▶ [Entries taken from a collection]:
= Beginning of Section =

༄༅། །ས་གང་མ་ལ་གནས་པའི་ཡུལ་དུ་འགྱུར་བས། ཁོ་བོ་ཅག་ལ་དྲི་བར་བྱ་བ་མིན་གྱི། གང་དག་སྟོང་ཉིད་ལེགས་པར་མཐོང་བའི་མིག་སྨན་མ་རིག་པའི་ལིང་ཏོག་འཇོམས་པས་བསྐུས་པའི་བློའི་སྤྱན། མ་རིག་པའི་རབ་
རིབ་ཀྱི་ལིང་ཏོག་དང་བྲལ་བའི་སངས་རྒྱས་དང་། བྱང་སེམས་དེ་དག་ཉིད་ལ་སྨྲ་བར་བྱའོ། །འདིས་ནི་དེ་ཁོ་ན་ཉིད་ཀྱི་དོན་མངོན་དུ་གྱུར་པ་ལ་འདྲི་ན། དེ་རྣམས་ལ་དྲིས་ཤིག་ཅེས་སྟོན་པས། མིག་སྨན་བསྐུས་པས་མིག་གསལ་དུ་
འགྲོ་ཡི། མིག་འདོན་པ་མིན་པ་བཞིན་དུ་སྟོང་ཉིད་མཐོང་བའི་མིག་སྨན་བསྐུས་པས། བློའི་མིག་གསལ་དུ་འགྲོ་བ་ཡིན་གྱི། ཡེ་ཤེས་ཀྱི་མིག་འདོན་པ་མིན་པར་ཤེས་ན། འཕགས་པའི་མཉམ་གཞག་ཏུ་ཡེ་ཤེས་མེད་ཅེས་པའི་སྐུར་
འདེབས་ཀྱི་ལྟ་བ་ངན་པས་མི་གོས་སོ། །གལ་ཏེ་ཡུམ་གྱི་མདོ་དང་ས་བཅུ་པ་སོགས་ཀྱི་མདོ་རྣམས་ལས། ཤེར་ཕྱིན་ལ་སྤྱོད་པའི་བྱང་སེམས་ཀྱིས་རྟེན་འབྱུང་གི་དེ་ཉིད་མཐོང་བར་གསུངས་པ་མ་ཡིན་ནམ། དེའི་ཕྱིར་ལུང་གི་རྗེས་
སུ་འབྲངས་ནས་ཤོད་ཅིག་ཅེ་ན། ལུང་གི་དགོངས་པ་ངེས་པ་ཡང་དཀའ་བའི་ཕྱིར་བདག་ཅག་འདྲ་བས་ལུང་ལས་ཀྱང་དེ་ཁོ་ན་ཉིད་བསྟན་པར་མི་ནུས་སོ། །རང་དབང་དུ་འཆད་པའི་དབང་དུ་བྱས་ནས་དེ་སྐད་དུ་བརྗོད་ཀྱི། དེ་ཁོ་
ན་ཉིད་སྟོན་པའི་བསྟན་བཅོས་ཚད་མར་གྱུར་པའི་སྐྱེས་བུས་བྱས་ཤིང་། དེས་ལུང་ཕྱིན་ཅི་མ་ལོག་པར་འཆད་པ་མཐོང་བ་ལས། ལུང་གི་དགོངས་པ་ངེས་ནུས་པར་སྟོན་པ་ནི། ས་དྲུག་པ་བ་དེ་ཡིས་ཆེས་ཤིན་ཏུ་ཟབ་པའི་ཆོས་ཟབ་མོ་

= End of Section =
= Beginning of Section =

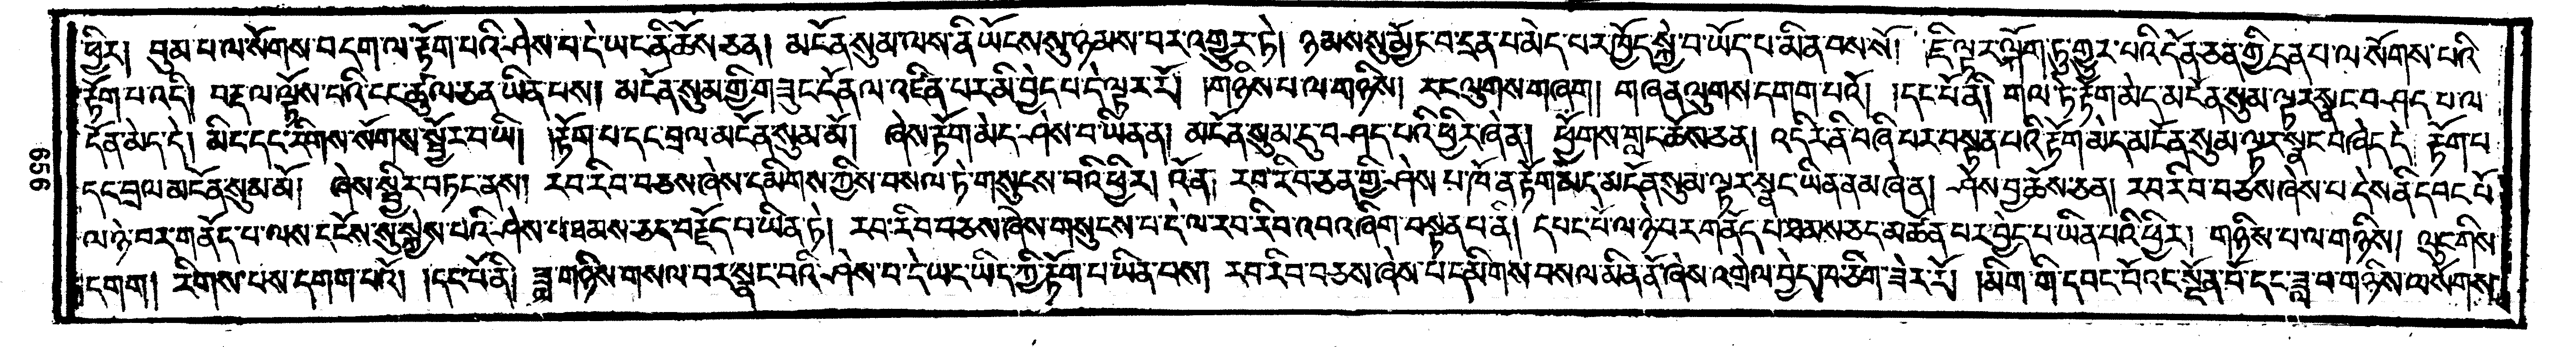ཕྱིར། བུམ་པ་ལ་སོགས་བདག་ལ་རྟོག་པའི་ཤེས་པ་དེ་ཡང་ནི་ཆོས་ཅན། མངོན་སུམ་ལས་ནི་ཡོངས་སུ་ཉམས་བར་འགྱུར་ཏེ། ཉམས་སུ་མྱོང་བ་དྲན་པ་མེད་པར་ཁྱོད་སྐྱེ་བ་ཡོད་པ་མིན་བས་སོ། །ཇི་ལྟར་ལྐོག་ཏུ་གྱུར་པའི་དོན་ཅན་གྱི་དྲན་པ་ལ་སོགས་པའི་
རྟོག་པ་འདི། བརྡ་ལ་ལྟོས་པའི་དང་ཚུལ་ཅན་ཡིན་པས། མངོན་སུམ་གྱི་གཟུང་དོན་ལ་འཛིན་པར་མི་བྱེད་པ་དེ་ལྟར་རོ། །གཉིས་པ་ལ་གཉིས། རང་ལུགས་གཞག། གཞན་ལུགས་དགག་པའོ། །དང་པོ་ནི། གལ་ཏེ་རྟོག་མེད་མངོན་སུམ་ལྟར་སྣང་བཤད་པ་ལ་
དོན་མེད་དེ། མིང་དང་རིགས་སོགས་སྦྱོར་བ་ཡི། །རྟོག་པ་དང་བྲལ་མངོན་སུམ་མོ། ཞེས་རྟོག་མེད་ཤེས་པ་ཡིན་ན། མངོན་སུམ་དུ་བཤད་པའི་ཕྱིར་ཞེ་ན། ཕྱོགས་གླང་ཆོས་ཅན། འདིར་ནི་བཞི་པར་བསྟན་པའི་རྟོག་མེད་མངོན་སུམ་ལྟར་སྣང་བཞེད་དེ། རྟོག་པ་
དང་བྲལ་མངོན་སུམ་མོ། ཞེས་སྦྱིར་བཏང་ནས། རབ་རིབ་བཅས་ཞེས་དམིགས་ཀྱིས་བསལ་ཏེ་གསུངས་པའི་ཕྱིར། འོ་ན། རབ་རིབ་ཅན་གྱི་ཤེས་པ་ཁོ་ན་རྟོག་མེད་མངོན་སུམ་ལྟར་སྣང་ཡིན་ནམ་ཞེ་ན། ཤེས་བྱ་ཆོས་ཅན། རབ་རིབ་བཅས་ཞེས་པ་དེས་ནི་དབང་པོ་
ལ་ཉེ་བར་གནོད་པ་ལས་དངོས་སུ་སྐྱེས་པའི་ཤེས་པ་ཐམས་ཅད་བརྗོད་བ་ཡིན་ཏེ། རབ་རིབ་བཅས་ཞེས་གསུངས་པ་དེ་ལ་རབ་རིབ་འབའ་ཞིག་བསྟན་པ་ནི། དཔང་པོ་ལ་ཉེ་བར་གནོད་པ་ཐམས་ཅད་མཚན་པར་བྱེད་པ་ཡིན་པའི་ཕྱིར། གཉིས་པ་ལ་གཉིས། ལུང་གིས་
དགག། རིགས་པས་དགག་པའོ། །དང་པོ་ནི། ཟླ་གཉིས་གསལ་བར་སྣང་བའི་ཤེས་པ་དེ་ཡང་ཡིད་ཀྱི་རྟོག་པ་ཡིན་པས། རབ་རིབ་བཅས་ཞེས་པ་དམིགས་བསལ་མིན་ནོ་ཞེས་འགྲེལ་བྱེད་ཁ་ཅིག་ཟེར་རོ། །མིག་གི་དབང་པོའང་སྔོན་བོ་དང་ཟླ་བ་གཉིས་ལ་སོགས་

= End of Section =
= Beginning of Section =

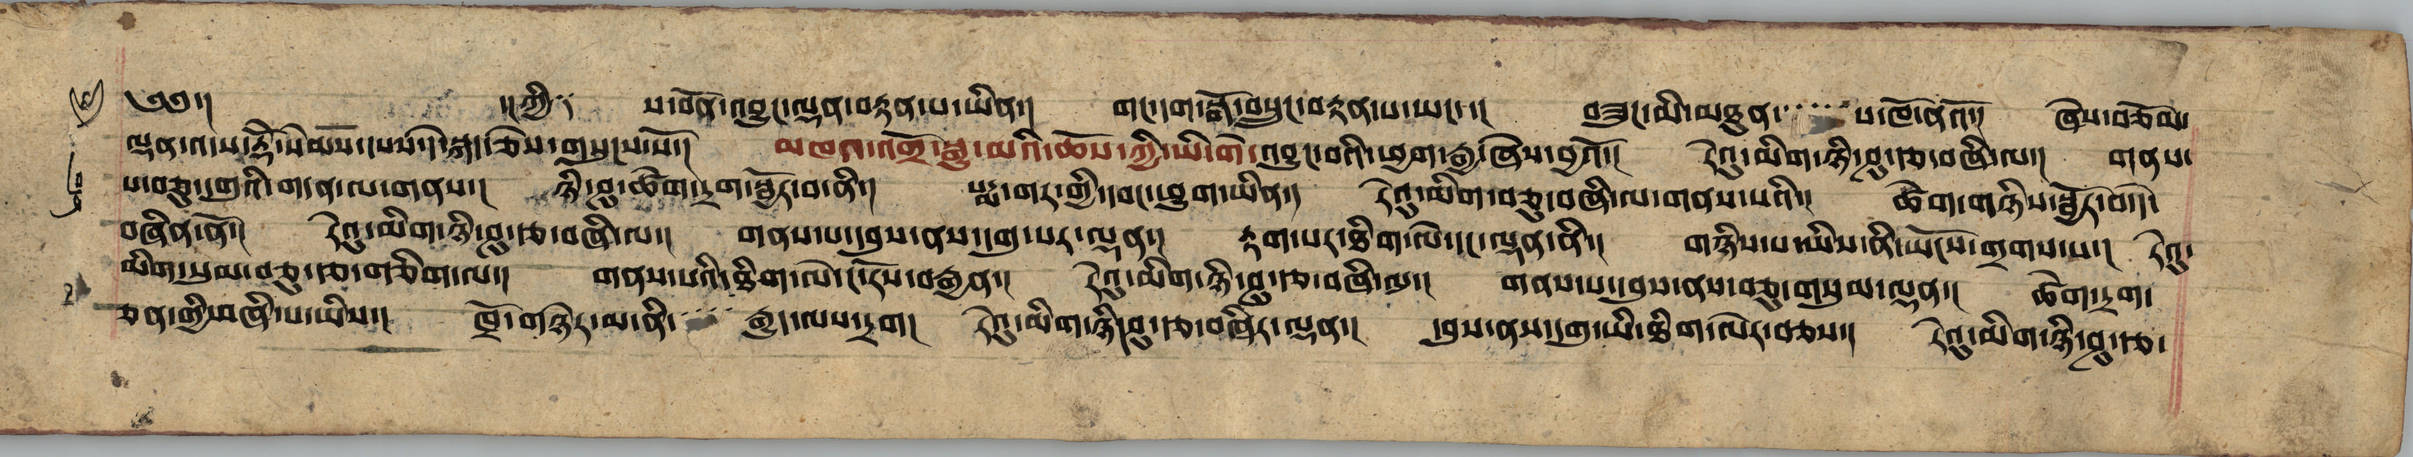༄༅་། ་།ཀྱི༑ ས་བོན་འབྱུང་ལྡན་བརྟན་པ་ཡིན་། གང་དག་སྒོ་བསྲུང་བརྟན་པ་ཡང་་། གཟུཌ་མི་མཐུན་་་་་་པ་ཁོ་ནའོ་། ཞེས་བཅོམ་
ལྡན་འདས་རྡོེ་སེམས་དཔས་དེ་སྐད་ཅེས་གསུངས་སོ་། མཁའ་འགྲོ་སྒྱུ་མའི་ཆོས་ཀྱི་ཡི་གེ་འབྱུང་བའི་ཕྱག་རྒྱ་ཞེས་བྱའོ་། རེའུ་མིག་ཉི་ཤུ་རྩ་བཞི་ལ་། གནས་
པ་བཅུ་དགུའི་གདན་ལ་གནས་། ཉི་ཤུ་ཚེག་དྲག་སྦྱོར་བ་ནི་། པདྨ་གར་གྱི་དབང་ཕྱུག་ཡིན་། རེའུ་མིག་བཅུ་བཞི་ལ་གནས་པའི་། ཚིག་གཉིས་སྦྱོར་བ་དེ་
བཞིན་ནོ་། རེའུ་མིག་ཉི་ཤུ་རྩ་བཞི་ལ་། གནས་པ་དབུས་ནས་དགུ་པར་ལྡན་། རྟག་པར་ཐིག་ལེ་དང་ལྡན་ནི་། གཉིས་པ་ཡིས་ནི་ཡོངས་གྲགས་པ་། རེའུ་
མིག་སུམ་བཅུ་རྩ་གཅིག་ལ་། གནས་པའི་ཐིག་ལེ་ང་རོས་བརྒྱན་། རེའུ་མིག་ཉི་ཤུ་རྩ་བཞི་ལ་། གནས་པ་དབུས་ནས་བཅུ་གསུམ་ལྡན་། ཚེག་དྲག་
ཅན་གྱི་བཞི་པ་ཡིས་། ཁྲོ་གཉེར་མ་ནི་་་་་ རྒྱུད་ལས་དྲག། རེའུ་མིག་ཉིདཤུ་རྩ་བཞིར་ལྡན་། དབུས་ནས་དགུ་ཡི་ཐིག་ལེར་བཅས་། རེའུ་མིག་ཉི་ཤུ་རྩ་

= End of Section =

▶ [WHAT TO DO]: Please give an exact copy of the entries above, from the line with "བཞིན་ནོ་། རེའུ་མིག་ཉི་ཤུ་རྩ་བཞི་ལ་། གནས་པ་དབུས་ནས་དགུ་པར་ལྡན་།" down to the line with "རེའུ་མིག་ཉི་ཤུ་རྩ་བཞི་ལ་། གནས་པ་དབུས་ནས་བཅུ་གསུམ་ལྡན་། ཚེག་དྲག་", inclusive, and nothing else.

▶ [ANSWER SPACE]:
བཞིན་ནོ་། རེའུ་མིག་ཉི་ཤུ་རྩ་བཞི་ལ་། གནས་པ་དབུས་ནས་དགུ་པར་ལྡན་། རྟག་པར་ཐིག་ལེ་དང་ལྡན་ནི་། གཉིས་པ་ཡིས་ནི་ཡོངས་གྲགས་པ་། རེའུ་
མིག་སུམ་བཅུ་རྩ་གཅིག་ལ་། གནས་པའི་ཐིག་ལེ་ང་རོས་བརྒྱན་། རེའུ་མིག་ཉི་ཤུ་རྩ་བཞི་ལ་། གནས་པ་དབུས་ནས་བཅུ་གསུམ་ལྡན་། ཚེག་དྲག་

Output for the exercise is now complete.